Он вздрогнул, и минуту сожалел о том, что не рассказал Бэзилу настоящую причину того, почему он пожелал спрятать картину навсегда. Бэзил бы помог ему противостоять влиянию Лорда Генри, и еще более ядовитому влиянию, что исходило от его характера. Любовь, что он питал к нему – для него это была настоящая любовь – не имела в себе ничего такого, что было бы неблагородным и не умным. Это было не только физическое восхищение красотой, что породила чувства, и которая умирает, когда чувства начинают утомлять. Это была такая любовь, что была знакома Микеланджело, и Монтеню, и Викельману, и самому Шекспиру. Да, Бэзил, возможно, спас его. Но теперь это было уже слишком поздно. Прошлое могло бы навсегда уничтожено. Сожаление, отказ, или забывчивость могли это сделать. Но будущее было неизбежным. В нем были страсти, которые нашли бы свой ужасный выход, мечты, которые сделали бы реальной свою злую тень.
Он поднял с дивана большое фиолетовое с золотым по своей структуре покрывало, и, держа его в руках, встал позади экрана. Было ли лицо на холсте более мерзким, чем прежде? Оно показалось ему неизменным; и все же его ненависть к портрету была усилена. Золотые волосы, голубые глаза, и красные, как роза, губы – там было все. Было лишь выражение, которое изменилось. Жестокость этого выражения навевала ужас. По сравнению с этим, он видел в нем осуждение или упрек, какое поверхностное сходство имела картина Бэзила с Сибилой Вэйн! – какая поверхностность, и что за незначительная фактура! Его собственная душа взглядывала на него с портрета и взывала его к здравому смыслу. Взгляд боли пронизал его, и он бросил на картину дорогой покров. Как только он так сделал, раздался стук в дверь. Он упал в обморок, после того, как вошел его слуга.
- Люди уже здесь, господин.
У него было такое чувство, будто мужчина впервые скакал верхом. Он не должен позволить узнать, где он так привязался к картине. В выражении его лица было нечто хитрое, и он имел вдумчивые, предательские глаза. Сев за письменный стол, он чиркнул записку Лорду Генри, в которой просил выслать ему почитать, и, напоминая ему, что им нужно было встретиться в четверть девятого тем вечером.

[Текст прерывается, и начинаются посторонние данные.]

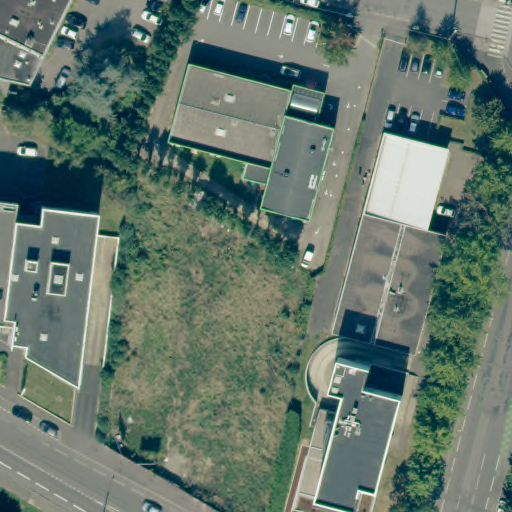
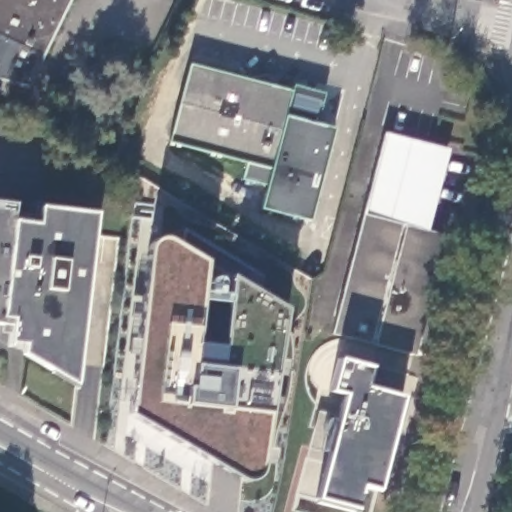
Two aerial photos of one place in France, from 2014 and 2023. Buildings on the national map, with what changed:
unchanged [(67,0),(29,79),(10,74),(6,89),(0,88),(0,0),(67,0)]
unchanged [(315,195),(309,220),(261,207),(267,185),(244,179),(248,162),(170,141),(191,65),(292,91),(293,86),(325,94),(318,123),(333,127),(315,195)]
unchanged [(332,331),(384,133),(445,148),(424,229),(442,234),(413,353),(332,331)]
demolished [(179,200),(174,215),(133,197),(135,174),(179,200)]
unchanged [(15,204),(13,218),(13,220),(36,223),(38,207),(72,211),(95,214),(93,236),(74,384),(53,372),(20,354),(20,343),(10,342),(7,342),(6,346),(5,346),(7,326),(0,325),(0,203),(15,204)]
new [(263,458),(260,473),(254,479),(245,479),(238,477),(127,414),(145,251),(149,243),(158,237),(165,238),(175,243),(286,310),(263,458)]
demolished [(288,281),(248,264),(251,240),(295,266),(288,281)]
unchanged [(339,362),(371,370),(365,390),(402,400),(377,494),(360,489),(358,495),(361,496),(357,512),(351,512),(315,502),(343,399),(330,395),(339,362)]
demolished [(113,365),(156,370),(151,413),(108,407),(113,365)]
demolished [(223,426),(221,436),(182,430),(186,393),(189,393),(192,378),(228,383),(223,422),(223,426)]
demolished [(221,436),(223,426),(223,422),(264,426),(259,464),(219,459),(221,436)]

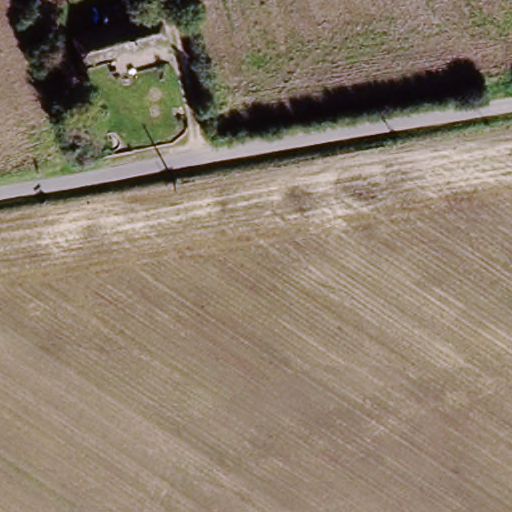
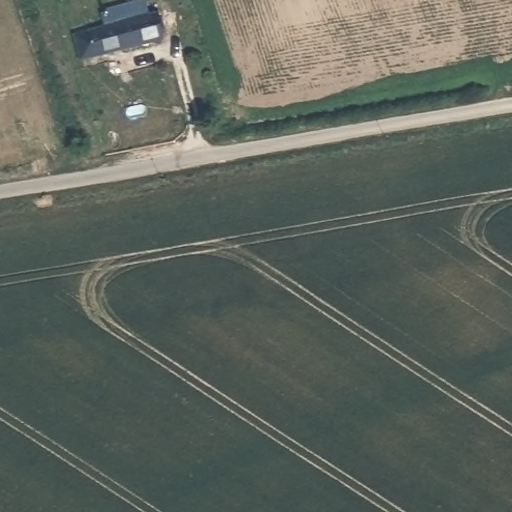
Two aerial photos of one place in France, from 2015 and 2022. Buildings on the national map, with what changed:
unchanged [(79,53),(72,27),(157,9),(164,36),(79,53)]

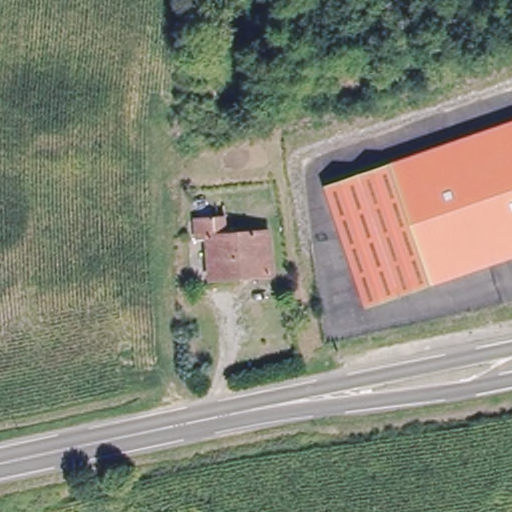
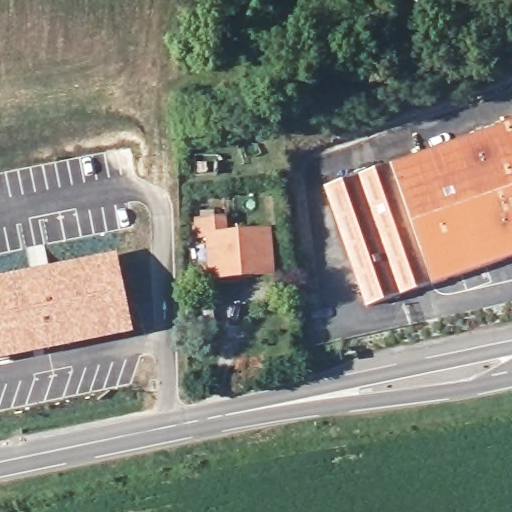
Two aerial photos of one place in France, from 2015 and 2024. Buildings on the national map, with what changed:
unchanged [(512,261),(427,286),(389,162),(512,126),(512,261)]
unchanged [(427,286),(360,306),(324,182),(389,162),(427,286)]
unchanged [(215,278),(211,236),(205,237),(204,218),(229,217),(229,232),(274,229),(277,272),(215,278)]
new [(30,270),(117,254),(134,333),(0,360),(0,276),(30,270)]

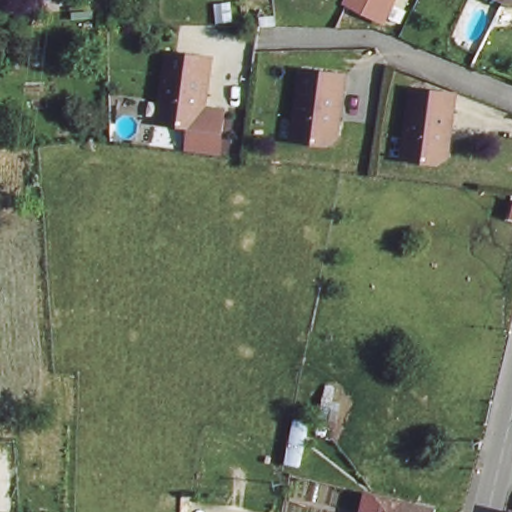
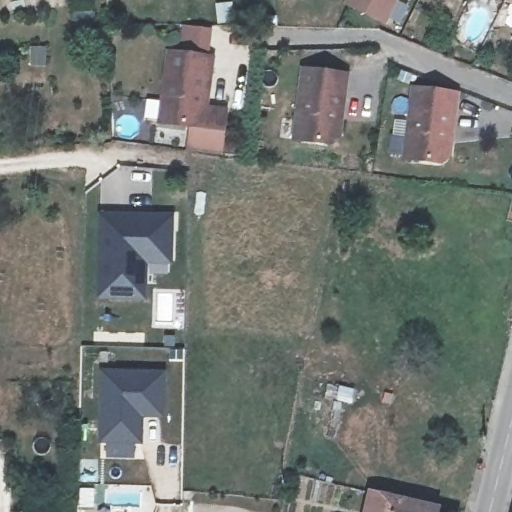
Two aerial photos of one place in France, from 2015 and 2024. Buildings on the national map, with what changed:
unchanged [(394,0),(383,22),(347,5),(349,0),(394,0)]
unchanged [(207,126),(197,133),(163,128),(172,59),(214,65),(207,126)]
unchanged [(337,138),(329,144),(294,140),(301,70),(345,75),(337,138)]
unchanged [(448,155),(439,162),(404,157),(412,89),(455,94),(448,155)]
new [(197,133),(207,126),(210,104),(227,106),(223,155),(186,150),(190,132),(197,133)]
new [(102,215),(171,216),(170,254),(144,254),(143,296),(100,295),(102,215)]
unchanged [(497,320),(501,303),(512,306),(512,314),(509,324),(497,320)]
new [(98,443),(100,370),(164,372),(164,418),(143,418),(142,444),(98,443)]
unchanged [(375,492),(415,502),(442,508),(441,512),(370,512),(375,492)]

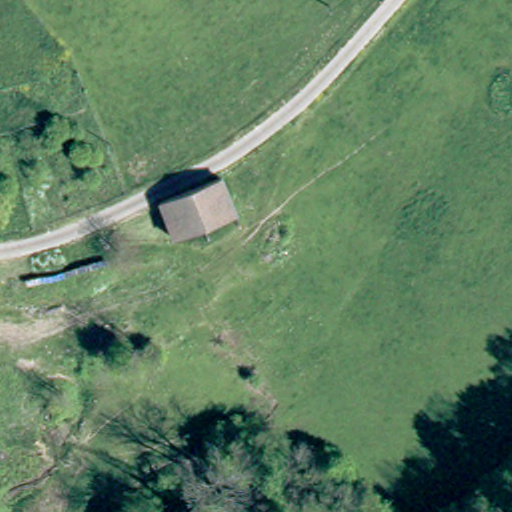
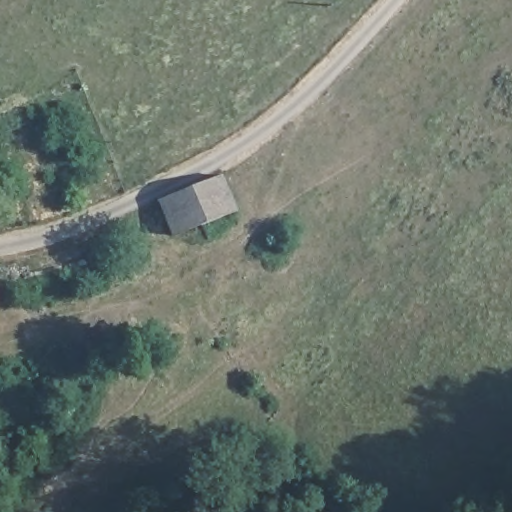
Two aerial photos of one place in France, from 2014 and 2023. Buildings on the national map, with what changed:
unchanged [(223,179),(238,217),(178,241),(164,204),(223,179)]
unchanged [(278,250),(263,232),(279,218),(294,236),(278,250)]

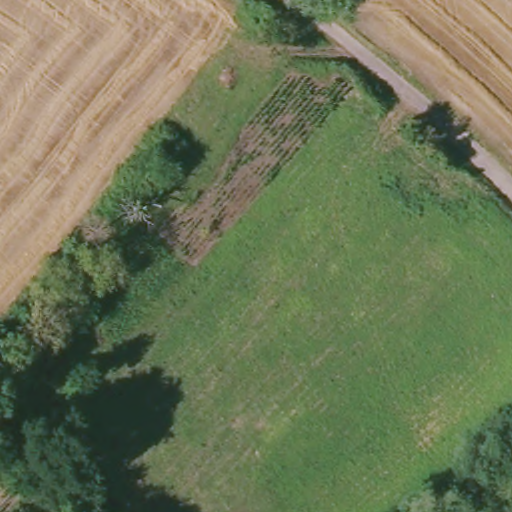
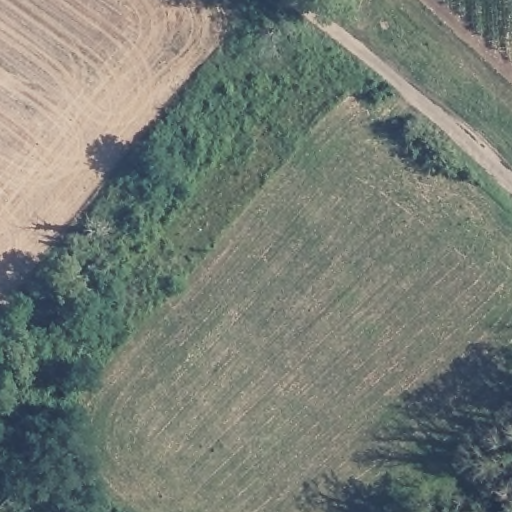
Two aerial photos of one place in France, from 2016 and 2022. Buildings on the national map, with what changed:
[]

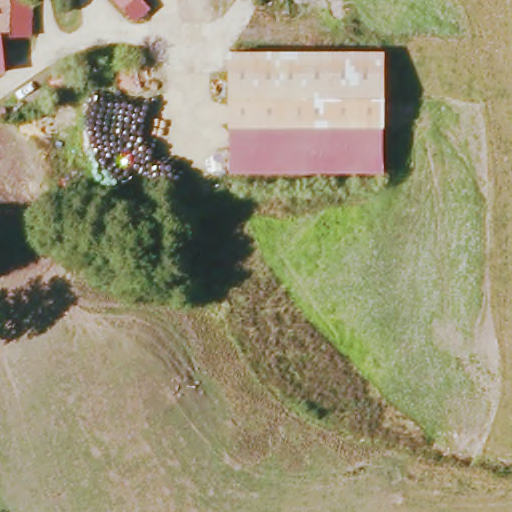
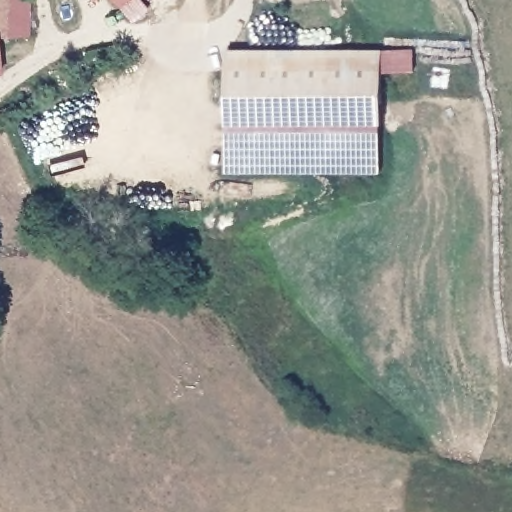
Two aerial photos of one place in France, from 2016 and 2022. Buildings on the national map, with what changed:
unchanged [(0,34),(0,0),(34,0),(33,40),(0,34)]
unchanged [(133,25),(113,0),(145,0),(151,8),(133,25)]
unchanged [(383,51),(381,177),(223,179),(232,51),(383,51)]

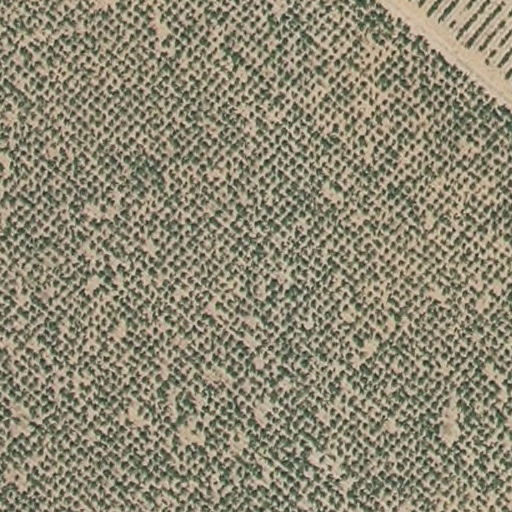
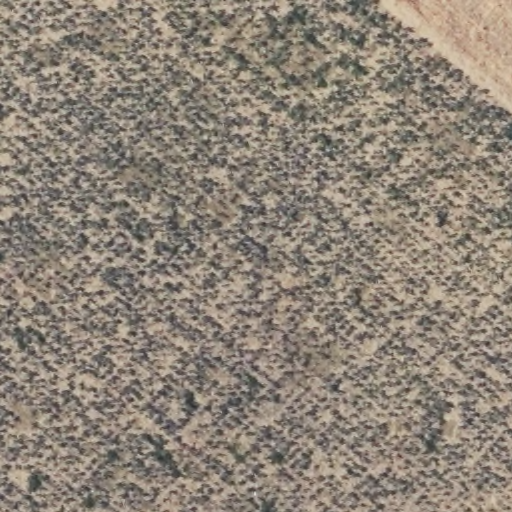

- Жди ответа, - сказал он, задерживая записку, - и покажи здесь людей.
Через две или три минуты послышался другой удар, и сам мистер Хаббард, знаменитый плотник с улицы Южная Одли, вошел с несколько грубым на вид молодым помощником. Мистер Хаббард был румяным, с красными бакенбардами маленьким человеком, чье восхищение искусством было смерено неисправимым безденежьем большинства художников, которые имели с ним дело. Как правило, он никогда не покидал его магазин. Он ждал людей, чтобы прийти к нему. Но он всегда делал исключение в пользу Дориана Грея. Было в Дориане нечто такое, что очаровывало каждого. Взглянуть на него – и то было удовольствием.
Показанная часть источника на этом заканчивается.